INFORMATION SUPPLIED section start

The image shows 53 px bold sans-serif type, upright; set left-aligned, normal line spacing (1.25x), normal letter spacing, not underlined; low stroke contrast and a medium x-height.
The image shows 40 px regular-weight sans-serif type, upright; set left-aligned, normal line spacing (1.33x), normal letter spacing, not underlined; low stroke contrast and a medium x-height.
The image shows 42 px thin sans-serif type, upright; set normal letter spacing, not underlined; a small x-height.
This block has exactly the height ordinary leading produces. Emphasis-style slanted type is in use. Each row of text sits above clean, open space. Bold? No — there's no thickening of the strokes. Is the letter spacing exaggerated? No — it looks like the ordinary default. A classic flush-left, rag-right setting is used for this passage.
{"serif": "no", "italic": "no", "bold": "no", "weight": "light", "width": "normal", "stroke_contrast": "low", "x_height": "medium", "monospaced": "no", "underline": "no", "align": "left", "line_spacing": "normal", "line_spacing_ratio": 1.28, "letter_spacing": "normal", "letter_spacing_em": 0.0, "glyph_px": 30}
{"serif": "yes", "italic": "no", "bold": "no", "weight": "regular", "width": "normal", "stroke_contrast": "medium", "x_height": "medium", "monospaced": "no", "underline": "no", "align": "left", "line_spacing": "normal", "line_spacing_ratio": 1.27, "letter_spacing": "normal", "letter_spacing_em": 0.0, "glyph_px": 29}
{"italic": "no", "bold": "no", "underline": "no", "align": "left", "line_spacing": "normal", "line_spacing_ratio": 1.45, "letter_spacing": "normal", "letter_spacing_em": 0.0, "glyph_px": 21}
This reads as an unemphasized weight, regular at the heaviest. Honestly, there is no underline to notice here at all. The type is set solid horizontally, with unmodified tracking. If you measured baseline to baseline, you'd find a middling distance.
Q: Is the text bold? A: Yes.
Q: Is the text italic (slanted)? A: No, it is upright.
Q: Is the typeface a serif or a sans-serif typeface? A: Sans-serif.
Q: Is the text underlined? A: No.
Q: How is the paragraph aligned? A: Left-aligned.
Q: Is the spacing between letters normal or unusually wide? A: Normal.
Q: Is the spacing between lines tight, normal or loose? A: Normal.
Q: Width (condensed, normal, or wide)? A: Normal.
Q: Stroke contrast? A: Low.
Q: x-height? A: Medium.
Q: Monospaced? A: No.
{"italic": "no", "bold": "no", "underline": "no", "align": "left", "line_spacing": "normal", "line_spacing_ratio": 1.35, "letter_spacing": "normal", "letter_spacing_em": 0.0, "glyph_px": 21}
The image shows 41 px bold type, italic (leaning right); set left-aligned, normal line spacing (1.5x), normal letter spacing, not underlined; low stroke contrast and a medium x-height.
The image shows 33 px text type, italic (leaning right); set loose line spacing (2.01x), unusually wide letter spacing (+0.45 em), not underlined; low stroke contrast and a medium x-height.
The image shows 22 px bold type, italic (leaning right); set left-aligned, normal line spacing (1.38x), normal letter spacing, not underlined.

INFORMATION SUPPLIED section end

YOUR GOAL: Copy out all the lines of the records that include "unusually".

WRITTEN ANSWER:
Q: Is the spacing between letters normal or unusually wide? A: Normal.
The image shows 33 px text type, italic (leaning right); set loose line spacing (2.01x), unusually wide letter spacing (+0.45 em), not underlined; low stroke contrast and a medium x-height.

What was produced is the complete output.